Genome-wide probing RNA structure with the modified DMS-MaPseq in Arabidopsis.
Wang, Z, Wang, M, Wang, T, Zhang, Y, Zhang, X
Methods (San Diego, Calif.). 2019;:30-40
Abstract
Transcripts have intrinsic propensity to form stable secondary structure that is fundamental to regulate RNA transcription, splicing, translation, RNA localization and turnover. Numerous methods that integrate chemical reactions with next-generation sequencing (NGS) have been applied to study in vivo RNA structure, providing new insights into RNA biology.

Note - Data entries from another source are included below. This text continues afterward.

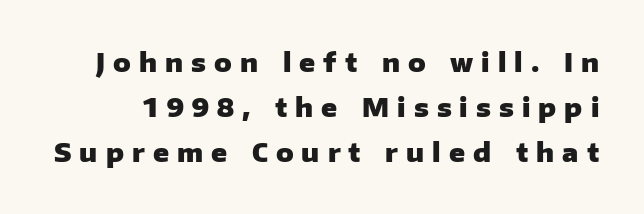
The image shows 26 px bold type, upright; set line spacing 1.74x, unusually wide letter spacing (+0.31 em), not underlined.
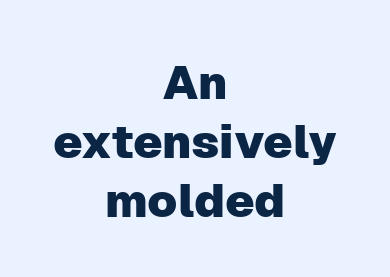
The image shows 47 px sans-serif type, upright; set centered, normal line spacing (1.26x), normal letter spacing, not underlined; low stroke contrast and a medium x-height.
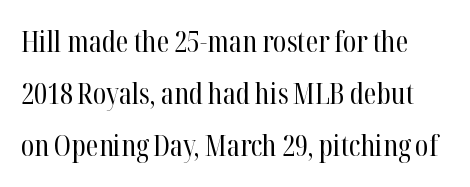
The image shows 29 px regular-weight, condensed serif type, upright; set line spacing 1.8x, normal letter spacing, not underlined; high stroke contrast and a medium x-height.
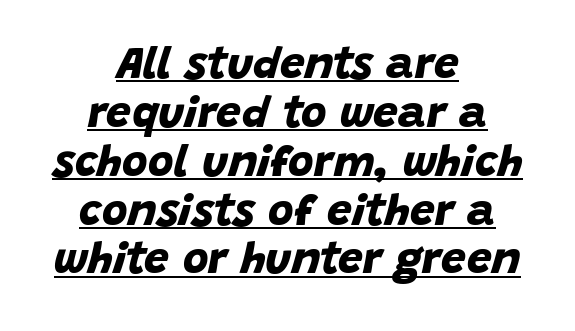
Q: Is the text bold? A: Yes.
Q: Is the typeface a serif or a sans-serif typeface? A: Sans-serif.
Q: Is the text underlined? A: Yes.
Q: How is the paragraph aligned? A: Centered.
Q: Is the spacing between letters normal or unusually wide? A: Normal.
Q: Is the spacing between lines tight, normal or loose? A: Tight.
Q: Width (condensed, normal, or wide)? A: Normal.
Q: Stroke contrast? A: Low.
Q: x-height? A: Large.
Q: Monospaced? A: No.
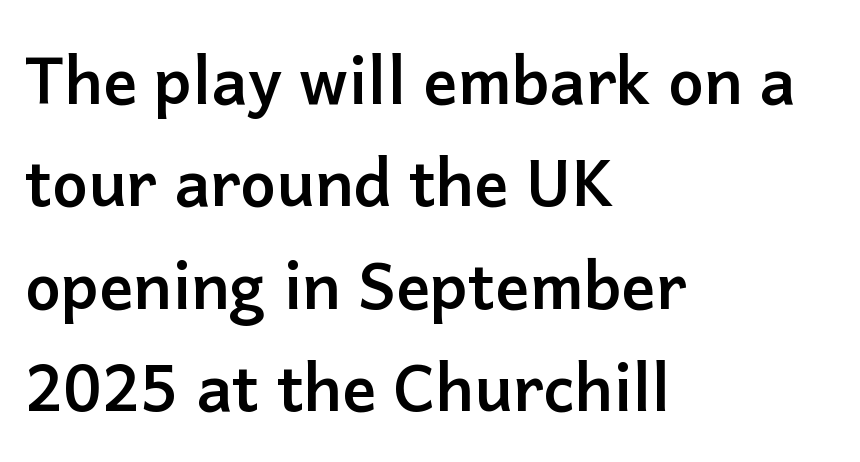
Q: Is the text bold? A: Yes.
Q: Is the text italic (slanted)? A: No, it is upright.
Q: Is the typeface a serif or a sans-serif typeface? A: Sans-serif.
Q: Is the text underlined? A: No.
Q: How is the paragraph aligned? A: Left-aligned.
Q: Is the spacing between letters normal or unusually wide? A: Normal.
Q: Is the spacing between lines tight, normal or loose? A: Normal.
Q: Width (condensed, normal, or wide)? A: Normal.
Q: Stroke contrast? A: Low.
Q: x-height? A: Medium.
Q: Monospaced? A: No.
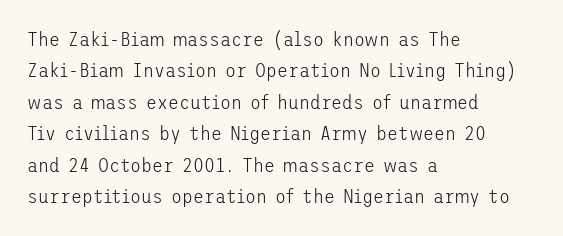
{"italic": "no", "bold": "no", "underline": "no", "align": "left", "line_spacing": "normal", "line_spacing_ratio": 1.57, "letter_spacing": "normal", "letter_spacing_em": 0.0, "glyph_px": 20}
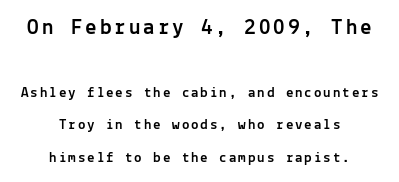
Characters remain perfectly vertical along every line. Which margin do the lines hug? Neither — every line sits in the middle. Rows of type keep a wide berth in the vertical direction. Check the space under the baseline: it is left empty. Note: larger setting up top, smaller setting below.
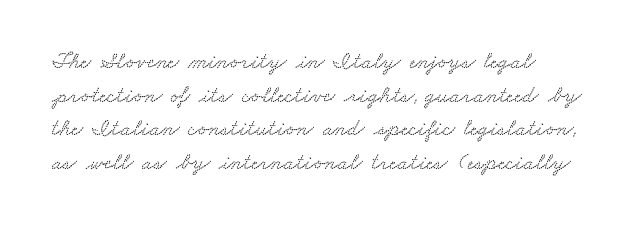
Q: Is the text underlined? A: No.
Q: How is the paragraph aligned? A: Left-aligned.
Q: Is the spacing between letters normal or unusually wide? A: Normal.
Q: Is the spacing between lines tight, normal or loose? A: Normal.
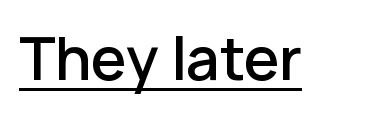
Q: Is the text bold? A: Semi-bold.
Q: Is the text italic (slanted)? A: No, it is upright.
Q: Is the typeface a serif or a sans-serif typeface? A: Sans-serif.
Q: Is the text underlined? A: Yes.
Q: Is the spacing between letters normal or unusually wide? A: Normal.
Q: Width (condensed, normal, or wide)? A: Normal.
Q: Stroke contrast? A: Low.
Q: x-height? A: Medium.
Q: Monospaced? A: No.

Dimethyl sulfate (DMS) probing coupled with mutational profiling through NGS (DMS-MaPseq) is a newly developed method for revealing genome-wide or target-specific RNA structure. Herein, we present our experimental protocol of a modified DMS-MaPseq method for plant materials. The DMS treatment condition was optimized, and library preparation procedures were simplified. We also provided custom scripts for bioinformatic analysis of genome-wide DMS-MaPseq data. Bioinformatic results showed that our method could generate high-quality and reproducible data. Further, we assessed sequencing depth and coverage for genome-wide RNA structure profiling in Arabidopsis, and provided two examples of in vivo structure of mobile RNAs. We hope that our modified DMS-MaPseq method will serve as a powerful tool for analyzing in vivo RNA structurome in plants.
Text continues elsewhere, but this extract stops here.